Ali Asad

Personal information
- Born: 25 December 1988 (age 37) Karachi, Sindh, Pakistan
- Batting: Left-handed
- Role: Wicketkeeper batsman

Medal record
Men's Cricket
Representing Pakistan
South Asian Games
| Bronze medal – third place | 2010 Dhaka | Team |
- Source: Cricinfo, 28 November 2015

= Ali Asad (cricketer, born 1988) =

Pakistani cricketer (born 1988)

Ali Asad (born 25 December 1988) is a Pakistani cricketer. A left-handed batsman and wicket-keeper, he represents Karachi cricket teams, having played for their Whites, Blues, Zebras and Dolphins sides.
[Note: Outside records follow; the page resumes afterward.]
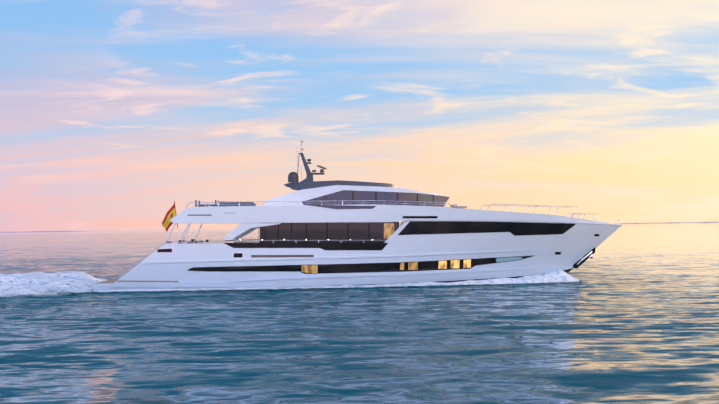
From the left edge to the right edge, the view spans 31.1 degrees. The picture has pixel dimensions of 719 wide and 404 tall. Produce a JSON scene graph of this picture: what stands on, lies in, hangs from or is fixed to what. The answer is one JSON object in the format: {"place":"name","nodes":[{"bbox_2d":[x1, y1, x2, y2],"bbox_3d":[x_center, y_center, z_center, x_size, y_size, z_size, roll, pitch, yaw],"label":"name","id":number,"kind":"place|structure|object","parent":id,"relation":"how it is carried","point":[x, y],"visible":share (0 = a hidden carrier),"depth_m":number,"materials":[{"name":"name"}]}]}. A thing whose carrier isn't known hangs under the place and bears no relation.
{"place":"outdoors","nodes":[
{"label":"outdoors","id":0,"kind":"place"},
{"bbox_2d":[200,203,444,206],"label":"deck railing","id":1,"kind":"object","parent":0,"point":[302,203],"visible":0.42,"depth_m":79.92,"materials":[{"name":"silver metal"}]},
{"bbox_2d":[265,185,450,206],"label":"deck house","id":2,"kind":"structure","parent":0,"point":[345,197],"depth_m":80.74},
{"bbox_2d":[284,180,396,190],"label":"hardtop roof","id":3,"kind":"structure","parent":2,"relation":"on","point":[297,186],"depth_m":81.08,"materials":[{"name":"grey"}]},
{"bbox_2d":[288,172,298,182],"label":"radar dome","id":4,"kind":"structure","parent":3,"relation":"on","point":[293,177],"depth_m":83.07,"materials":[{"name":"grey plastic"}]},
{"bbox_2d":[299,153,324,181],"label":"radar mast","id":5,"kind":"object","parent":3,"relation":"on","point":[309,176],"visible":0.85,"depth_m":83.23,"materials":[{"name":"grey metal"}]},
{"bbox_2d":[307,159,326,172],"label":"radar scanner","id":6,"kind":"object","parent":5,"relation":"on","point":[321,170],"visible":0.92,"depth_m":83.27,"materials":[{"name":"grey plastic"}]},
{"bbox_2d":[325,191,433,205],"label":"window dividers","id":7,"kind":"object","parent":2,"relation":"attached to","point":[397,198],"visible":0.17,"depth_m":80.82,"materials":[{"name":"black metal"}]},
{"bbox_2d":[0,222,718,403],"bbox_3d":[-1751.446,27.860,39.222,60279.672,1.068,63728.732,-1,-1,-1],"label":"sea","id":8,"kind":"structure","parent":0,"point":[631,316],"depth_m":44.26,"materials":[{"name":"teal liquid"}]},
{"bbox_2d":[29,231,66,231],"bbox_3d":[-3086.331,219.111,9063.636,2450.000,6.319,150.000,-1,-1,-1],"label":"breakwater","id":9,"kind":"object","parent":8,"relation":"on","point":[47,231],"visible":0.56,"depth_m":9013.18,"materials":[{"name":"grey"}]},
{"bbox_2d":[0,269,579,298],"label":"wake foam","id":10,"kind":"object","parent":8,"relation":"on","point":[77,282],"visible":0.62,"depth_m":79.13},
{"bbox_2d":[94,220,621,289],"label":"hull","id":11,"kind":"object","parent":8,"relation":"on","point":[575,243],"visible":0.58,"depth_m":80.14,"materials":[{"name":"white"}]},
{"bbox_2d":[95,279,117,283],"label":"swim platform","id":12,"kind":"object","parent":11,"relation":"on","point":[111,281],"visible":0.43,"depth_m":82.45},
{"bbox_2d":[118,242,166,278],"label":"staircase","id":13,"kind":"structure","parent":11,"relation":"on","point":[140,260],"depth_m":79.80,"materials":[{"name":"silver metal"}]},
{"bbox_2d":[156,248,172,252],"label":"opening frame","id":14,"kind":"object","parent":11,"relation":"attached to","point":[164,248],"visible":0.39,"depth_m":79.65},
{"bbox_2d":[157,249,171,251],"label":"hull opening","id":15,"kind":"object","parent":14,"relation":"in","point":[164,250],"visible":0.41,"depth_m":79.64,"materials":[{"name":"black metal"}]},
{"bbox_2d":[110,281,228,286],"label":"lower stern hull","id":16,"kind":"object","parent":11,"relation":"attached to","point":[175,284],"depth_m":79.68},
{"bbox_2d":[117,281,178,281],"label":"rub rail","id":17,"kind":"object","parent":16,"relation":"on","point":[147,281],"visible":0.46,"depth_m":79.63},
{"bbox_2d":[167,241,191,243],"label":"deck railing","id":18,"kind":"object","parent":11,"relation":"on","point":[181,242],"visible":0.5,"depth_m":79.81,"materials":[{"name":"silver metal"}]},
{"bbox_2d":[165,223,201,243],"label":"support poles","id":19,"kind":"object","parent":11,"relation":"on","point":[183,232],"visible":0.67,"depth_m":79.93,"materials":[{"name":"silver metal"}]},
{"bbox_2d":[166,239,208,242],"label":"deck furniture","id":20,"kind":"object","parent":11,"relation":"on","point":[192,240],"visible":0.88,"depth_m":86.27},
{"bbox_2d":[234,253,241,256],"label":"hull opening","id":21,"kind":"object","parent":11,"relation":"in","point":[237,254],"visible":0.39,"depth_m":79.69,"materials":[{"name":"black metal"}]},
{"bbox_2d":[223,223,280,239],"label":"side support panel","id":22,"kind":"structure","parent":11,"relation":"on","point":[240,230],"depth_m":79.74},
{"bbox_2d":[251,255,313,256],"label":"fender slot","id":23,"kind":"object","parent":11,"relation":"on","point":[282,255],"visible":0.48,"depth_m":79.72,"materials":[{"name":"grey"}]},
{"bbox_2d":[224,239,363,242],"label":"deck rail","id":24,"kind":"object","parent":11,"relation":"on","point":[250,240],"visible":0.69,"depth_m":79.91,"materials":[{"name":"silver metal"}]},
{"bbox_2d":[224,243,387,249],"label":"bulwark panel","id":25,"kind":"object","parent":11,"relation":"on","point":[352,246],"visible":0.88,"depth_m":79.76,"materials":[{"name":"black glass"}]},
{"bbox_2d":[302,265,317,272],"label":"lit window","id":26,"kind":"structure","parent":11,"relation":"attached to","point":[309,268],"depth_m":79.75,"materials":[{"name":"yellow glass"}]},
{"bbox_2d":[261,222,398,242],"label":"main deck windows","id":27,"kind":"structure","parent":11,"relation":"on","point":[339,231],"depth_m":80.73,"materials":[{"name":"black glass"}]},
{"bbox_2d":[260,222,369,242],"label":"window dividers","id":28,"kind":"object","parent":27,"relation":"attached to","point":[306,233],"visible":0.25,"depth_m":80.69,"materials":[{"name":"black metal"}]},
{"bbox_2d":[384,223,393,238],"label":"lit window","id":29,"kind":"structure","parent":27,"relation":"attached to","point":[388,230],"depth_m":80.75,"materials":[{"name":"yellow glass"}]},
{"bbox_2d":[139,250,525,263],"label":"hull knuckle","id":30,"kind":"object","parent":11,"relation":"attached to","point":[309,258],"visible":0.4,"depth_m":79.69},
{"bbox_2d":[187,255,534,273],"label":"hull recess","id":31,"kind":"object","parent":11,"relation":"attached to","point":[371,267],"visible":0.6,"depth_m":79.91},
{"bbox_2d":[229,268,541,281],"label":"lower hull","id":32,"kind":"object","parent":11,"relation":"attached to","point":[371,275],"visible":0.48,"depth_m":80.00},
{"bbox_2d":[170,204,619,224],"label":"upper deck","id":33,"kind":"structure","parent":11,"relation":"on","point":[300,214],"depth_m":79.79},
{"bbox_2d":[195,200,218,206],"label":"deck chair","id":34,"kind":"object","parent":33,"relation":"on","point":[198,205],"visible":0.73,"depth_m":82.32,"materials":[{"name":"grey"}]},
{"bbox_2d":[219,201,255,205],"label":"sundeck loungers","id":35,"kind":"object","parent":33,"relation":"on","point":[236,203],"visible":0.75,"depth_m":80.97,"materials":[{"name":"grey"}]},
{"bbox_2d":[185,200,450,208],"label":"deck railing","id":36,"kind":"object","parent":33,"relation":"on","point":[317,201],"visible":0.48,"depth_m":79.94,"materials":[{"name":"silver metal"}]},
{"bbox_2d":[310,205,375,208],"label":"inset glass","id":37,"kind":"object","parent":33,"relation":"on","point":[346,207],"visible":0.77,"depth_m":79.78,"materials":[{"name":"grey glass"}]},
{"bbox_2d":[403,216,437,217],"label":"air vent","id":38,"kind":"object","parent":33,"relation":"attached to","point":[420,216],"visible":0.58,"depth_m":80.03,"materials":[{"name":"black paint"}]},
{"bbox_2d":[451,204,466,208],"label":"deck furniture","id":39,"kind":"object","parent":33,"relation":"on","point":[455,206],"visible":0.9,"depth_m":82.11,"materials":[{"name":"beige"}]},
{"bbox_2d":[479,204,577,216],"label":"bow railing","id":40,"kind":"object","parent":33,"relation":"on","point":[535,206],"visible":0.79,"depth_m":82.39,"materials":[{"name":"silver metal"}]},
{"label":"ensign staff","id":41,"kind":"object","parent":33,"relation":"on","visible":0},
{"bbox_2d":[162,204,175,230],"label":"ensign flag","id":42,"kind":"object","parent":41,"relation":"attached to","point":[167,223],"visible":0.88,"depth_m":82.00,"materials":[{"name":"yellow fabric"}]},
{"bbox_2d":[408,262,417,269],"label":"lit window","id":43,"kind":"structure","parent":11,"relation":"attached to","point":[412,265],"depth_m":80.32,"materials":[{"name":"yellow glass"}]},
{"bbox_2d":[438,261,446,268],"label":"lit window","id":44,"kind":"structure","parent":11,"relation":"attached to","point":[442,264],"depth_m":80.65,"materials":[{"name":"yellow glass"}]},
{"bbox_2d":[451,260,459,267],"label":"lit window","id":45,"kind":"structure","parent":11,"relation":"attached to","point":[454,263],"depth_m":80.80,"materials":[{"name":"yellow glass"}]},
{"bbox_2d":[463,259,470,267],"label":"lit window","id":46,"kind":"structure","parent":11,"relation":"attached to","point":[467,263],"depth_m":80.97,"materials":[{"name":"yellow glass"}]},
{"bbox_2d":[398,221,574,235],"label":"window band","id":47,"kind":"object","parent":11,"relation":"attached to","point":[454,227],"visible":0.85,"depth_m":80.65,"materials":[{"name":"black glass"}]},
{"bbox_2d":[496,257,521,261],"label":"hull window","id":48,"kind":"structure","parent":11,"relation":"attached to","point":[506,259],"depth_m":81.56,"materials":[{"name":"blue glass"}]},
{"bbox_2d":[573,248,594,267],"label":"anchor pocket","id":49,"kind":"object","parent":11,"relation":"attached to","point":[575,265],"visible":0.65,"depth_m":83.37,"materials":[{"name":"metal"}]},
{"bbox_2d":[577,251,593,264],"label":"anchor","id":50,"kind":"object","parent":49,"relation":"in","point":[591,256],"visible":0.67,"depth_m":83.33,"materials":[{"name":"silver metal"}]},
{"bbox_2d":[0,0,718,231],"label":"sky","id":51,"kind":"structure","parent":0,"point":[114,113],"materials":[{"name":"blue"}]},
{"bbox_2d":[282,268,572,287],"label":"boot stripe","id":52,"kind":"object","parent":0,"point":[567,270],"visible":0.02,"depth_m":81.27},
{"bbox_2d":[613,222,717,223],"bbox_3d":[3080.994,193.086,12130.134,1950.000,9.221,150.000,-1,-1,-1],"label":"coast","id":53,"kind":"structure","parent":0,"point":[668,222],"depth_m":12071.76,"materials":[{"name":"grey"}]}
]}

He scored his maiden first-class century in only his third match, while opening the batting for Karachi Blues against Peshawar. He has also represented Pakistan Under-19s, averaging 37.20 in Under-19 Test matches, and 45.40 in Under-19 One Day Internationals.

He was the leading run-scorer for National Bank of Pakistan in the 2017–18 Quaid-e-Azam Trophy, with 487 runs in seven matches. He was also the leading run-scorer for National Bank of Pakistan in the 2018–19 Quaid-e-Azam Trophy, with 371 runs in seven matches.

In September 2019, he was named in Northern's squad for the 2019–20 Quaid-e-Azam Trophy tournament.